September 26, 2024: PostgreSQL 17 Released!
Supported Versions: Current (17) / 16 / 15 / 14 / 13 / 12
Development Versions: devel
Unsupported versions: 11 / 10 / 9.6 / 9.5 / 9.4 / 9.3 / 9.2 / 9.1 / 9.0 / 8.4 / 8.3 / 8.2 / 8.1 / 8.0 / 7.4 / 7.3 / 7.2
This documentation is for an unsupported version of PostgreSQL.
You may want to view the same page for the current version, or one of the other supported versions listed above instead.

48.29. pg_largeobject

The catalog pg_largeobject holds the data making up "large objects". A large object is identified by an OID assigned when it is created. Each large object is broken into segments or "pages" small enough to be conveniently stored as rows in pg_largeobject. The amount of data per page is defined to be LOBLKSIZE (which is currently BLCKSZ/4, or typically 2 kB).

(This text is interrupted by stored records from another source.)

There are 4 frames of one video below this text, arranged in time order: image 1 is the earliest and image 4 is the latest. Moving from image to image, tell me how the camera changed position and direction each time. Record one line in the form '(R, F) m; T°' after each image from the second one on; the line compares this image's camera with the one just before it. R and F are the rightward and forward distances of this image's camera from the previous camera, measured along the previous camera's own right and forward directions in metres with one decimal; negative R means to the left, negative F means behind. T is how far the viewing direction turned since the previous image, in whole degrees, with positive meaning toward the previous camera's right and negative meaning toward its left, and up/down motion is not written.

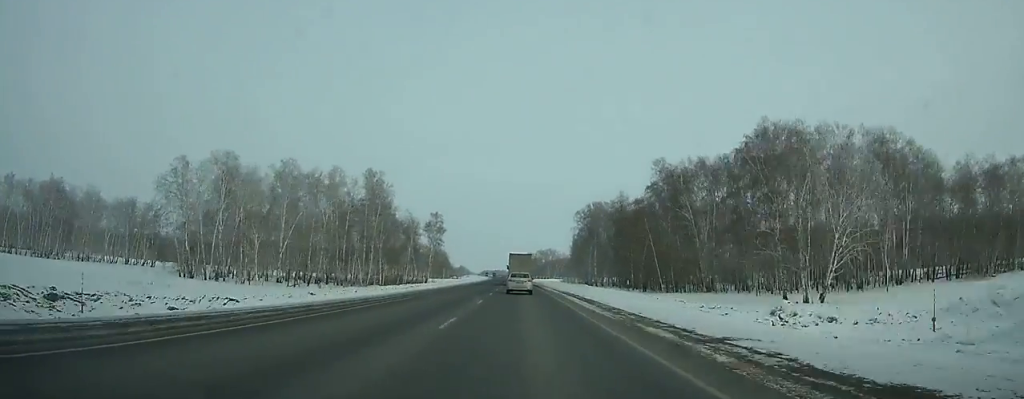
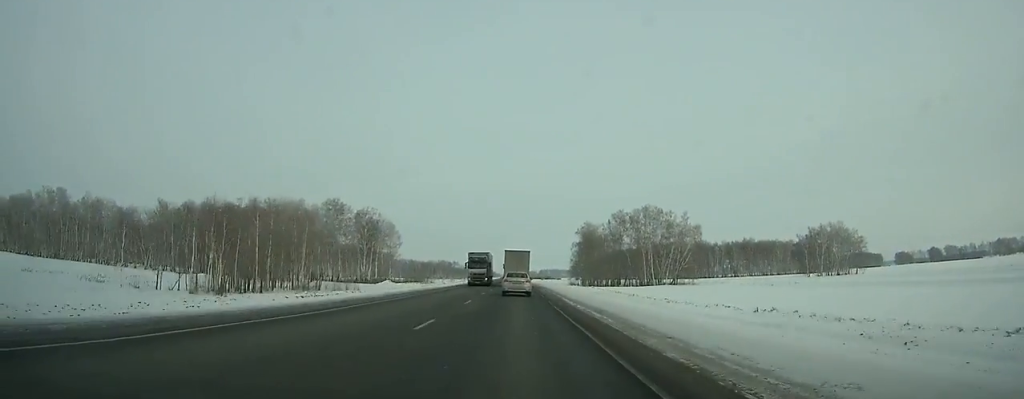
(-6.8, +254.8) m; -3°
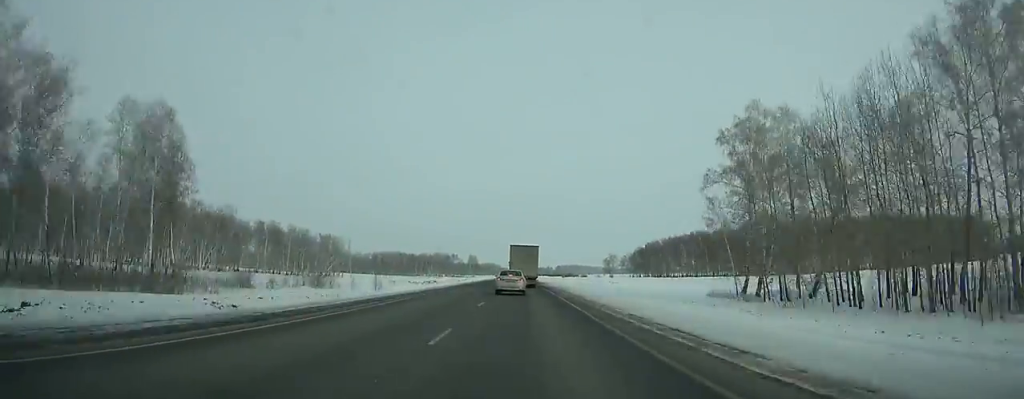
(-1.5, +134.3) m; -1°
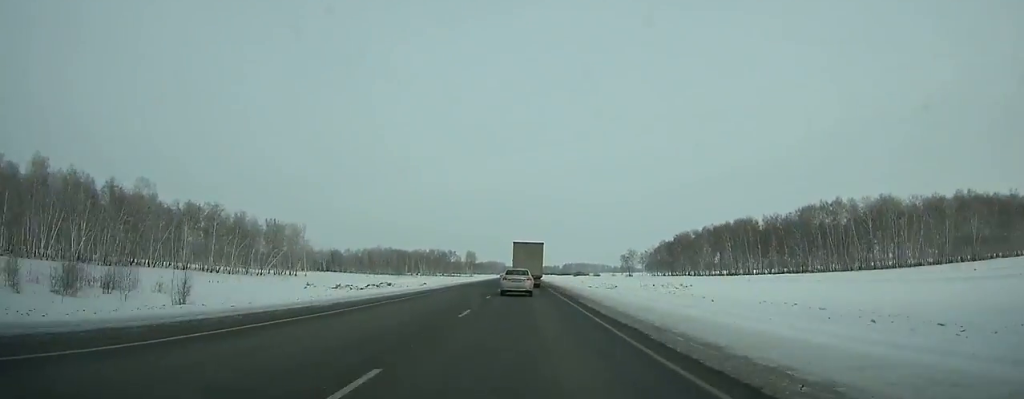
(+0.1, +53.5) m; 0°

Prior to PostgreSQL 9.0, there was no permission structure associated with large objects. As a result, pg_largeobject was publicly readable and could be used to obtain the OIDs (and contents) of all large objects in the system. This is no longer the case; use pg_largeobject_metadata to obtain a list of large object OIDs.

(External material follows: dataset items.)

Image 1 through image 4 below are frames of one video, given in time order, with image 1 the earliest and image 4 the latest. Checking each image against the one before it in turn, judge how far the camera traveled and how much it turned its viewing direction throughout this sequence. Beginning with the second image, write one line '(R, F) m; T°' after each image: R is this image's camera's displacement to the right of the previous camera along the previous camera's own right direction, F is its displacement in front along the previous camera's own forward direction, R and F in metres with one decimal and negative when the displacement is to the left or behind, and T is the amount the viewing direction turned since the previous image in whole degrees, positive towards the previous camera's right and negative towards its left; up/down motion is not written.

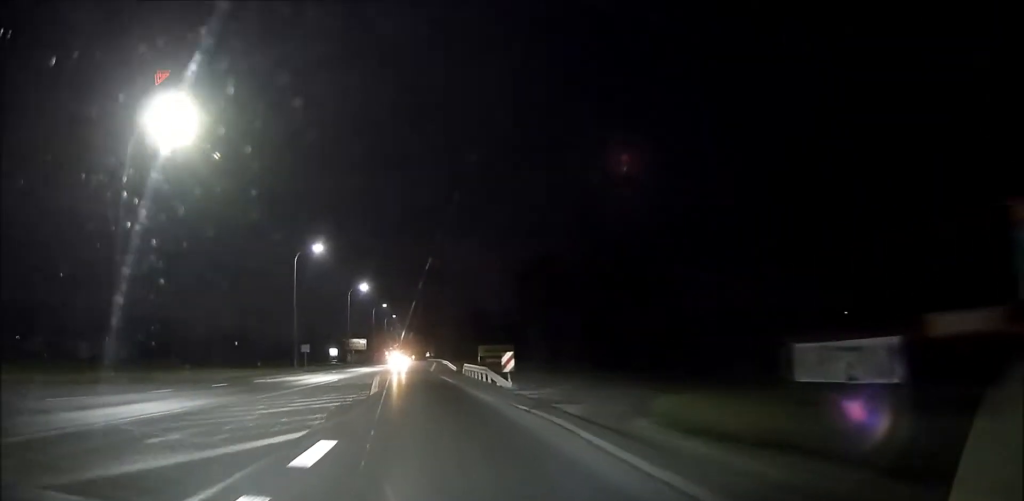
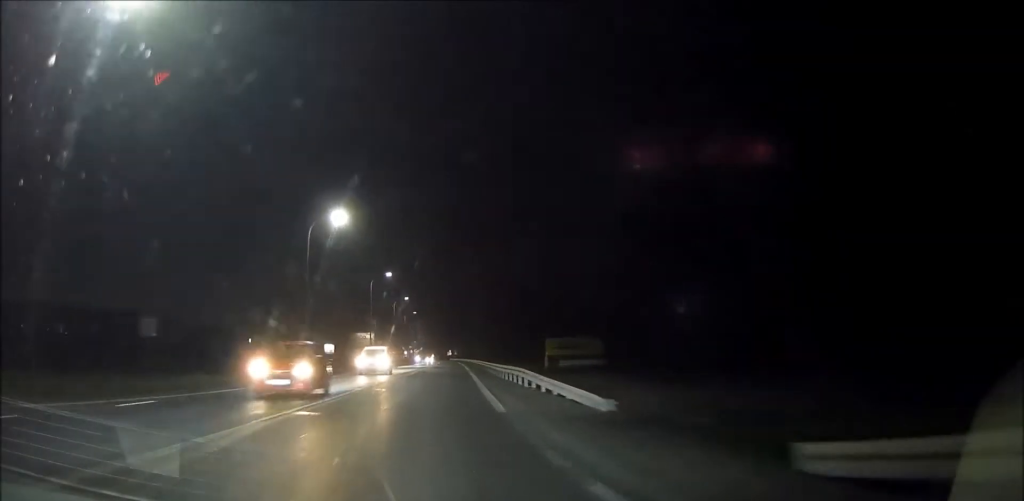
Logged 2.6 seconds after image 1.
(-0.5, +42.6) m; -1°
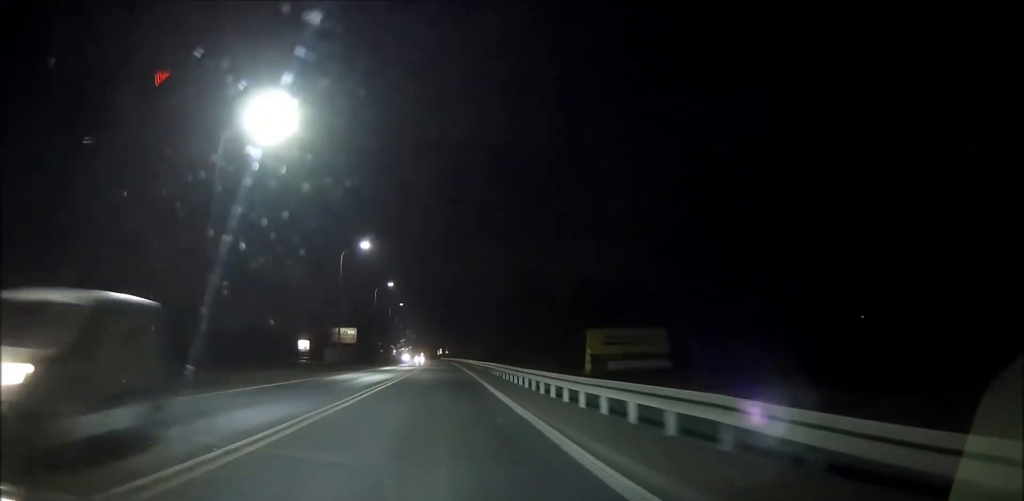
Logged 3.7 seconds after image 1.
(0.0, +18.7) m; 0°
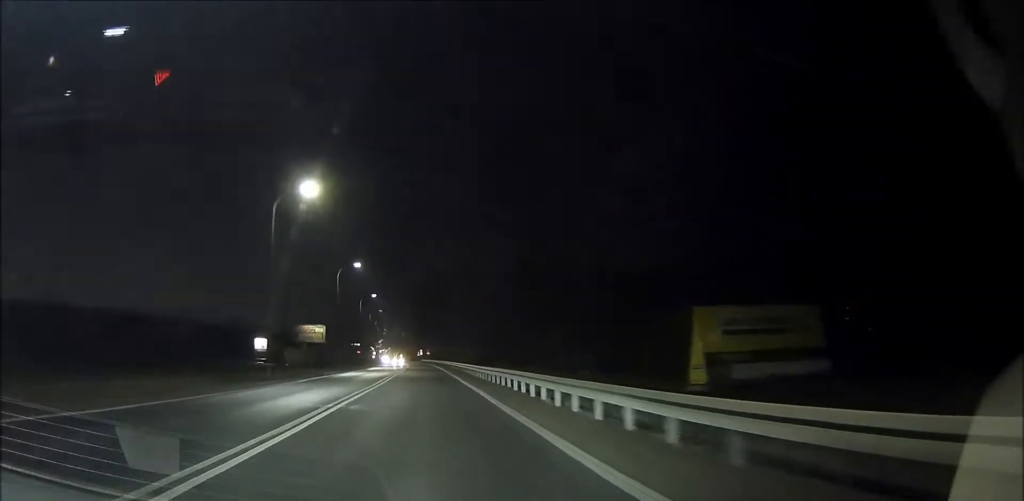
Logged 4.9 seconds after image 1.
(0.0, +19.1) m; +1°

Table 48-29. pg_largeobject Columns

Name Type References Description
loid oid pg_largeobject_metadata.oid Identifier of the large object that includes this page
pageno int4   Page number of this page within its large object (counting from zero)
data bytea   Actual data stored in the large object. This will never be more than LOBLKSIZE bytes and might be less.

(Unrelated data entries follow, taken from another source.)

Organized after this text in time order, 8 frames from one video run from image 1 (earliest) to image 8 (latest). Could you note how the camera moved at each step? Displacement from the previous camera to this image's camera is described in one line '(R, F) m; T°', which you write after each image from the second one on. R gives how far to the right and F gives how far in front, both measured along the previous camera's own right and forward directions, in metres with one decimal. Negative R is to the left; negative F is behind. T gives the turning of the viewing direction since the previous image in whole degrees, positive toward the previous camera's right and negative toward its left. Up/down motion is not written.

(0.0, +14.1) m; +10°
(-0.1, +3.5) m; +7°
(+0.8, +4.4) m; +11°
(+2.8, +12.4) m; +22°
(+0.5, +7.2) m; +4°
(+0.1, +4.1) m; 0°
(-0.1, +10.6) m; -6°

Each row of pg_largeobject holds data for one page of a large object, beginning at byte offset (pageno * LOBLKSIZE) within the object. The implementation allows sparse storage: pages might be missing, and might be shorter than LOBLKSIZE bytes even if they are not the last page of the object. Missing regions within a large object read as zeroes.